What Is - and Isn't - `Real' Italian Cooking

Author-chef couple debunks myths about spiciness, sauces, and `more is better'. The Italian Menu

ASK Margaret and Franco Romagnoli about America's love affair with Italian food and they'll say it's good - and bad. Good, because their favorite cuisine is now one of America's favorites. Bad, because America's idea of Italian food is a little, well, overdone.

Franco refers to it as his ``car fin theory.'' Like the cars that sported tail fins in the 1950s, ``Italian cooking now has become so faddish,'' he says, with prople adding extras. ``We've been terribly conscious of authenticity,'' says Margaret in an interview along with her husband at their home.

The Romagnolis have a unique perspective on Italian-American cuisine: Margaret grew up in Michigan and Connecticut, and Franco in Italy. They met in Rome, when Margaret was an information officer for the Marshall Plan and Franco was a filmmaker, and married in 1952. In 1955, they moved to America and through the years nurtured a joint culinary career, stemming naturally from their broad exposure to Italian cooking. They have hosted their own cooking series on PBS-TV (``The Romangnolis' Table''), opened several restaurants, and written numerous cookbooks. Parents of four children, they have no formal schooling in cookery, but share a love of the food and culture of Italy, which they consider their second home.
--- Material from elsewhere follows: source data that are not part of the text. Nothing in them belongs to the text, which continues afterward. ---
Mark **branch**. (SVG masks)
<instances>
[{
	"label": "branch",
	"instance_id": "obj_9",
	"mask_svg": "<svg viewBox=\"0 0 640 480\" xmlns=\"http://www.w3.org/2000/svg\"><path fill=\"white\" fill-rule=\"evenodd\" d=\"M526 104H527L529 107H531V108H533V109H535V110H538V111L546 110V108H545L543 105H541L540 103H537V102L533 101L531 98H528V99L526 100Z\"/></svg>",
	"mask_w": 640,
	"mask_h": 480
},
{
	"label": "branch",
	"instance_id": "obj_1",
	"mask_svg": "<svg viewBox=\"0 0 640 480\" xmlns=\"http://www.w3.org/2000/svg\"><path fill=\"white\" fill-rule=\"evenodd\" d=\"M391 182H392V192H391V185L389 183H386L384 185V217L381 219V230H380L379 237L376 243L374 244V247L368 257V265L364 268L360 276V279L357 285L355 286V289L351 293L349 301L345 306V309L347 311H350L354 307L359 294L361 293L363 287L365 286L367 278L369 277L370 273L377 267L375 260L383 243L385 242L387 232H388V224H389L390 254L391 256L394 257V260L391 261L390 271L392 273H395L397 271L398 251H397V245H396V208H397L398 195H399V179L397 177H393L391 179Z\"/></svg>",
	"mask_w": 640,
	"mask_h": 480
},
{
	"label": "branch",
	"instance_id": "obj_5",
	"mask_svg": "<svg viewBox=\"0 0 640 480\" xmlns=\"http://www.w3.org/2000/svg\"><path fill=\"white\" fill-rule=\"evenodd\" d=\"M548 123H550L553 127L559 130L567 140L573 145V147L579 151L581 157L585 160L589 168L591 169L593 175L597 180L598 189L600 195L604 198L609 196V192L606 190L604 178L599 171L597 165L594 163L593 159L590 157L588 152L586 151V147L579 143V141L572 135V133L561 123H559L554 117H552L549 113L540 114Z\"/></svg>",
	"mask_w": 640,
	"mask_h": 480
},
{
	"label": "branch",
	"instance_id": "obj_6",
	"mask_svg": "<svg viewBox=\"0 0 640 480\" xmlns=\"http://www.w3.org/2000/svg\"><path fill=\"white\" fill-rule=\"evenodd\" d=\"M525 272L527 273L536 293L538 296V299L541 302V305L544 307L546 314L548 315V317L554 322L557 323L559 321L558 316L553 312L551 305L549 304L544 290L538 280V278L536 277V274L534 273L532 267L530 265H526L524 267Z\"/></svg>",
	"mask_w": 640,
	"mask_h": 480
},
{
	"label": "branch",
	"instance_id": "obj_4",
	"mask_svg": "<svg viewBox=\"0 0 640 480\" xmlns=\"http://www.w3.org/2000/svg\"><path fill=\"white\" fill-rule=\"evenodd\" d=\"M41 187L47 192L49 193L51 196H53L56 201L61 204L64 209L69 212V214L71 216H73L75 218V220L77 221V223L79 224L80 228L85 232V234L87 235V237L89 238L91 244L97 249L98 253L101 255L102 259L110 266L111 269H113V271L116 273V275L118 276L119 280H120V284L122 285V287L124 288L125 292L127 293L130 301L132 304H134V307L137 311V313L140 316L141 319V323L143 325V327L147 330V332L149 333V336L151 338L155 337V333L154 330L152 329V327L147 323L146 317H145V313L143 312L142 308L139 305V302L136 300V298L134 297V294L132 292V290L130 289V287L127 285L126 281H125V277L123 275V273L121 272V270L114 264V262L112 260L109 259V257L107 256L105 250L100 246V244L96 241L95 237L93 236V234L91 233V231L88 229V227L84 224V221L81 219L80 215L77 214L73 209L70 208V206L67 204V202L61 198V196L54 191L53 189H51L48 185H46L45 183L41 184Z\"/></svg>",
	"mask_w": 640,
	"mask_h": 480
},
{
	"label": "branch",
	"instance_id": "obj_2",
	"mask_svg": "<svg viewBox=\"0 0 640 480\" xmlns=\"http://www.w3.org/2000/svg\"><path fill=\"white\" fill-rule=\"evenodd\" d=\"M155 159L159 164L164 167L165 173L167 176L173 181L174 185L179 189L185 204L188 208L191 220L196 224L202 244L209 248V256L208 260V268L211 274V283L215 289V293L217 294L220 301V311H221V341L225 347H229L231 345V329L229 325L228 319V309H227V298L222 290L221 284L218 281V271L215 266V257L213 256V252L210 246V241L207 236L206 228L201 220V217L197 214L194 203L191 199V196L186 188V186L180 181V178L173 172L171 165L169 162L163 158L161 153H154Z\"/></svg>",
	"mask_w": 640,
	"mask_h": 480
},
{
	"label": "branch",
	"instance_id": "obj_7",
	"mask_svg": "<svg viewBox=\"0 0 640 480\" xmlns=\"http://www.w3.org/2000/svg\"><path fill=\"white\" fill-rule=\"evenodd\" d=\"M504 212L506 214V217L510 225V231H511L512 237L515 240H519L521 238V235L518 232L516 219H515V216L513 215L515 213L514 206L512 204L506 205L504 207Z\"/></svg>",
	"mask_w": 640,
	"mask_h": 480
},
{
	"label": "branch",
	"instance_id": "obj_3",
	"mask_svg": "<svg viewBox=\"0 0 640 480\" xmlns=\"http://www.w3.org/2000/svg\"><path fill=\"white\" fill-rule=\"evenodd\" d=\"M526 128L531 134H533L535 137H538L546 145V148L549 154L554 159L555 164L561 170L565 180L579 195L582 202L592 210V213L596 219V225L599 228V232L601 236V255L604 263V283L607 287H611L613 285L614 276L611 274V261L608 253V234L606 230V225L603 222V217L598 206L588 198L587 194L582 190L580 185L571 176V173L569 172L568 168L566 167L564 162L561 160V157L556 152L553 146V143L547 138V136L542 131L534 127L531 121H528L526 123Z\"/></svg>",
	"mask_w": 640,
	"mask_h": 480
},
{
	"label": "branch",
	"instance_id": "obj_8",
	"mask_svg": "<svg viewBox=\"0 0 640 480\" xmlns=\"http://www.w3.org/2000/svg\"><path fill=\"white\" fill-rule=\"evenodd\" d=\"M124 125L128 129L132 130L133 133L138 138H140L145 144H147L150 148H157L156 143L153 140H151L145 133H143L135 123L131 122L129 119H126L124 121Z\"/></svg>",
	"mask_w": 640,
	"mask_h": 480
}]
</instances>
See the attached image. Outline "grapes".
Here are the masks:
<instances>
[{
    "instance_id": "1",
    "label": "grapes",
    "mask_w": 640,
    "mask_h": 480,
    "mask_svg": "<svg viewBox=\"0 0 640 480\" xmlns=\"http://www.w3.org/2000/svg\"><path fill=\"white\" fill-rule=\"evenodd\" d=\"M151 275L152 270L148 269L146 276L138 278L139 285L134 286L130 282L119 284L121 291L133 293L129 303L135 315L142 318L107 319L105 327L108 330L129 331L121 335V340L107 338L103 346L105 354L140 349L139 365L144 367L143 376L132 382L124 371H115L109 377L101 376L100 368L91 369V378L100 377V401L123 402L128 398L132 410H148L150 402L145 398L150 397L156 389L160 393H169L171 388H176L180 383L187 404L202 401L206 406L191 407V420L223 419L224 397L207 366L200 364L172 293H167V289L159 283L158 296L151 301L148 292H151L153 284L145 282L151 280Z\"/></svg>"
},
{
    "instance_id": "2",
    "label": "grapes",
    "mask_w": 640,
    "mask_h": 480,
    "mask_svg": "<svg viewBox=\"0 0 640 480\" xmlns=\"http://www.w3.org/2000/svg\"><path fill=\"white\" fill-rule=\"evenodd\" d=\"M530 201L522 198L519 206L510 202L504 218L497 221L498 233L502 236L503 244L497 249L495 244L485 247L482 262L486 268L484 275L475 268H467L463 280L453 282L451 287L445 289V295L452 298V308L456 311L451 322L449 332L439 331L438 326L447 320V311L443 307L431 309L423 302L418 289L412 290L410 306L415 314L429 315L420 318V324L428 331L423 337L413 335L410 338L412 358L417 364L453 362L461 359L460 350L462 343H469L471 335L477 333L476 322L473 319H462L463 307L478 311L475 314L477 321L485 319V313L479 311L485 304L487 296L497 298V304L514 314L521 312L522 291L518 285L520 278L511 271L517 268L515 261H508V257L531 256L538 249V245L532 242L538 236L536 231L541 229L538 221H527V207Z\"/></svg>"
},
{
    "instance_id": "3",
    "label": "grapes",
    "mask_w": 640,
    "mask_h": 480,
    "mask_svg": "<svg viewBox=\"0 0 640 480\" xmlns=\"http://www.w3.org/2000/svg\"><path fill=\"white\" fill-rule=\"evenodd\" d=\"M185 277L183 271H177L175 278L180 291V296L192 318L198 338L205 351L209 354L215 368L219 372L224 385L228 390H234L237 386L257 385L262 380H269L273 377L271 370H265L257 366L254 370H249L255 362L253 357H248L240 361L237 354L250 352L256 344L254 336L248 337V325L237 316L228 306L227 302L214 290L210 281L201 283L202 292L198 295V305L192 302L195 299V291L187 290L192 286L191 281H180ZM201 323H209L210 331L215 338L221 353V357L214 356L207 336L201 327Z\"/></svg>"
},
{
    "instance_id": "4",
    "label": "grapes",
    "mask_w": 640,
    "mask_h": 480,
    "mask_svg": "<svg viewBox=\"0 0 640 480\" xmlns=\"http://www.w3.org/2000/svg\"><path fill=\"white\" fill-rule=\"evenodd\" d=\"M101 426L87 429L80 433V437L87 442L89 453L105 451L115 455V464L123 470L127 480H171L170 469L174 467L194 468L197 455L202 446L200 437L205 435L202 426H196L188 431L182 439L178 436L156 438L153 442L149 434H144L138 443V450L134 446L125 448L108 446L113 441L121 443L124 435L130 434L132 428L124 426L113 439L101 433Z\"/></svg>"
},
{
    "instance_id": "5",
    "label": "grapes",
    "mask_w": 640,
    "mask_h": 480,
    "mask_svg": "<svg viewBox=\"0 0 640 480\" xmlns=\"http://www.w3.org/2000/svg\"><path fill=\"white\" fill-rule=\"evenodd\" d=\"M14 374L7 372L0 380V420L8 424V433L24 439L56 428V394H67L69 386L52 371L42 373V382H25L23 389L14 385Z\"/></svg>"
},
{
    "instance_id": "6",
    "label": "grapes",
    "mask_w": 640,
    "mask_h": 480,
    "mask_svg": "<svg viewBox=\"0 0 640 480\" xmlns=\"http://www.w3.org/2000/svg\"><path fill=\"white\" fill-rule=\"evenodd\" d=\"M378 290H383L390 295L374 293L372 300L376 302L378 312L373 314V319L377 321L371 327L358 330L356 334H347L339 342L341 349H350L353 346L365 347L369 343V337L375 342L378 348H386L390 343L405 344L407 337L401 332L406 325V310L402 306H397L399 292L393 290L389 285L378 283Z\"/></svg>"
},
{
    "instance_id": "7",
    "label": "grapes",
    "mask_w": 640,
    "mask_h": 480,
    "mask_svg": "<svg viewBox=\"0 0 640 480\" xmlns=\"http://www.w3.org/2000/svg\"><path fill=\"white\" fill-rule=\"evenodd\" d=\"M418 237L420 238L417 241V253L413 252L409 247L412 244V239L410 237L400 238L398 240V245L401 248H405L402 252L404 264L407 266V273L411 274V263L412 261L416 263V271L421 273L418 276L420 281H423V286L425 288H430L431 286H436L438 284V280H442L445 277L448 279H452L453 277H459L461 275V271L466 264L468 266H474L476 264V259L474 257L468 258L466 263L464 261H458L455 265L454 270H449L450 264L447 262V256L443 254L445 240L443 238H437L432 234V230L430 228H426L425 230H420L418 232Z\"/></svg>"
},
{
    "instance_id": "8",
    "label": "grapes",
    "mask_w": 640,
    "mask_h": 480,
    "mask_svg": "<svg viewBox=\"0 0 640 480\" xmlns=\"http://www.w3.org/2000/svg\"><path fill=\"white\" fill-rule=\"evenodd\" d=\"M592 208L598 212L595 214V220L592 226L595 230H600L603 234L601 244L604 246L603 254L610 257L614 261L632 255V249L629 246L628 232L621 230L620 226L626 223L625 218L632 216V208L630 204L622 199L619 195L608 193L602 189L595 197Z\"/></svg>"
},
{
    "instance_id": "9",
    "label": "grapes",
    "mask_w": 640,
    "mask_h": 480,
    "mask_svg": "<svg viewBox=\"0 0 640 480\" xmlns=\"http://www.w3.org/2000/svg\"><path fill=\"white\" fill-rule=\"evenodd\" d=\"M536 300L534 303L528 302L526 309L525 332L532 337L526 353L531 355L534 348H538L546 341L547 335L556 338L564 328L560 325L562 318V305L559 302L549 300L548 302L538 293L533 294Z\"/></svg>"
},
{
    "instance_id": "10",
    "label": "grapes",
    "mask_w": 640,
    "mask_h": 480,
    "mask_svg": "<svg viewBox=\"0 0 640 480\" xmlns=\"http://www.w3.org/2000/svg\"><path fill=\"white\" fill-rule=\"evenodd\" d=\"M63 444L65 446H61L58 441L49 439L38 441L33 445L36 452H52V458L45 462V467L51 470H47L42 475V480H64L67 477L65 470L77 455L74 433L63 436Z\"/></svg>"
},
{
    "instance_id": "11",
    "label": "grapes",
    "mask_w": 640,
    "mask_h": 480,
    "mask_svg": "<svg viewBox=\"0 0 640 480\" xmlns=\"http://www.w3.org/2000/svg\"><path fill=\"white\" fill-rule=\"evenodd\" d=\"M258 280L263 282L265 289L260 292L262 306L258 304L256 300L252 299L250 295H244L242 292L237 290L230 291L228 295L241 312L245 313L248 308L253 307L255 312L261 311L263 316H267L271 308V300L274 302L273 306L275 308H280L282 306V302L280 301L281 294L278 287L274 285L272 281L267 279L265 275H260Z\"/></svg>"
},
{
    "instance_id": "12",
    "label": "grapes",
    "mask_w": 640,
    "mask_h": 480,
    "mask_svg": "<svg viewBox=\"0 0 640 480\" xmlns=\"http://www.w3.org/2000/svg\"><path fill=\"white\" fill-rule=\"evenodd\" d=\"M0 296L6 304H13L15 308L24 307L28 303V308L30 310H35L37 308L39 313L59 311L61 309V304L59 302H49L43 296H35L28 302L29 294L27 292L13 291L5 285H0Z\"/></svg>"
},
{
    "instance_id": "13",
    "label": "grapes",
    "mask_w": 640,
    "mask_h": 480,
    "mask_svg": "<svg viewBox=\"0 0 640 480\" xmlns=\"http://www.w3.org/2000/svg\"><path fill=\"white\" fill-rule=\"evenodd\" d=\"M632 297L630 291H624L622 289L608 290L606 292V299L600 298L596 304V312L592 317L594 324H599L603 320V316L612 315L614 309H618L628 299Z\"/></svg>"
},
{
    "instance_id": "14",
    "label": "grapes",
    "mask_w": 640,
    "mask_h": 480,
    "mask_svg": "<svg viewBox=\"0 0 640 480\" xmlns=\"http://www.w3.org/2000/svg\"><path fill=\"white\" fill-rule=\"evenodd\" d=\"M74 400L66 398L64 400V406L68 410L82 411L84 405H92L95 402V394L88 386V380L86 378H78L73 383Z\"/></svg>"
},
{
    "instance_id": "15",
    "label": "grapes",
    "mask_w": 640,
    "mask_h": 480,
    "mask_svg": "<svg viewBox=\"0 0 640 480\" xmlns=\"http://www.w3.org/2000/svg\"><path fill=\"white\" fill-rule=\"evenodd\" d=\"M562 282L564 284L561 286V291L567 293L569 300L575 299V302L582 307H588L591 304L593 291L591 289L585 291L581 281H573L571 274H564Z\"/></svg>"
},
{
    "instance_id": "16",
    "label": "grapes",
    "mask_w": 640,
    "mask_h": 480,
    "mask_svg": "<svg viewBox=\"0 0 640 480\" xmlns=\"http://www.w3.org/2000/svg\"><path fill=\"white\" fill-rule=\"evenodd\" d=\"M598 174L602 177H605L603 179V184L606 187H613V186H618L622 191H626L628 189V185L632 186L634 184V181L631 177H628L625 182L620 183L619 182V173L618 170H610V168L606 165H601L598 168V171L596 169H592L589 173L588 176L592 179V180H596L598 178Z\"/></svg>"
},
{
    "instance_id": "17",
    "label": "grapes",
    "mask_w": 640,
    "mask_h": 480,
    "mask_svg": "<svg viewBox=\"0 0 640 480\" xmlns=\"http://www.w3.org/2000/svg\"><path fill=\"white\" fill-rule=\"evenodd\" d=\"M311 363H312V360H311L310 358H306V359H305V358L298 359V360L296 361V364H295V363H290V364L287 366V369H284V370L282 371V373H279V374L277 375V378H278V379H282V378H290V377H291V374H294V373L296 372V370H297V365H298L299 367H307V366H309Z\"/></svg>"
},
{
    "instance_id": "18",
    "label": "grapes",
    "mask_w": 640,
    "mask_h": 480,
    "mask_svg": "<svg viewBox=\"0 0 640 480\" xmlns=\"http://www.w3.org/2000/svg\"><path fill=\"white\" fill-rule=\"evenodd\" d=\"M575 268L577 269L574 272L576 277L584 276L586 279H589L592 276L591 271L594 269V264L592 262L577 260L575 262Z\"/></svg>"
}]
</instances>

``I approach Italy with love. He approaches it as home,'' explains Margaret. Italian cuisine as a trend erupted in America after French nouvelle, says Margaret, during the late 1970s. ``Italian food just sort of swept everything away after they got rid of the souffl'e and omelet.'' Now you see Italian food on menus, made up at supermarkets, offered as fast food, and manufactured by food companies. High-quality ingredients from Italy are in markets and specialty shops as well.

But even though America is smartening up about Italian cuisine, people are still twirling their forks in misinterpretations.

As true traditionalists, the Romagnolis worry about bad translations. Misconceptions about Italian cuisine include: spiciness, emphasis on sauces and toppings, and an overall ``more is better'' mentality.

Margaret says she laughs at advertisements that promote the image of the Italian mamma ordering her family to ``Eat ... EAT!''

Franco chimes in: ``You would never get away from the table feeling too full in Italy.'' Says Margaret: ``In Italy - where I've spent about half of my adult life - rarely do you have a dessert during the week. It's fruit and cheese.... You don't see a lot of fat people in Italy. That fat mamma in the kitchen - she doesn't exist.''

The Italian diet is largely based on bread and vegetables. That surprises many here who think of thick sauces over heaping plates of pasta. As with many ethnic cuisines, ``America puts a heavy hand'' on Italian cuisine, says Margaret. Spaghetti and meatballs isn't even a dish in Italy.

Italians place more importance on the pasta than on what goes on top of it. Americans are the opposite, stressing the sauce, says Margaret. Same with bread, adds Franco: ``I cannot have a meal without bread,'' he insists.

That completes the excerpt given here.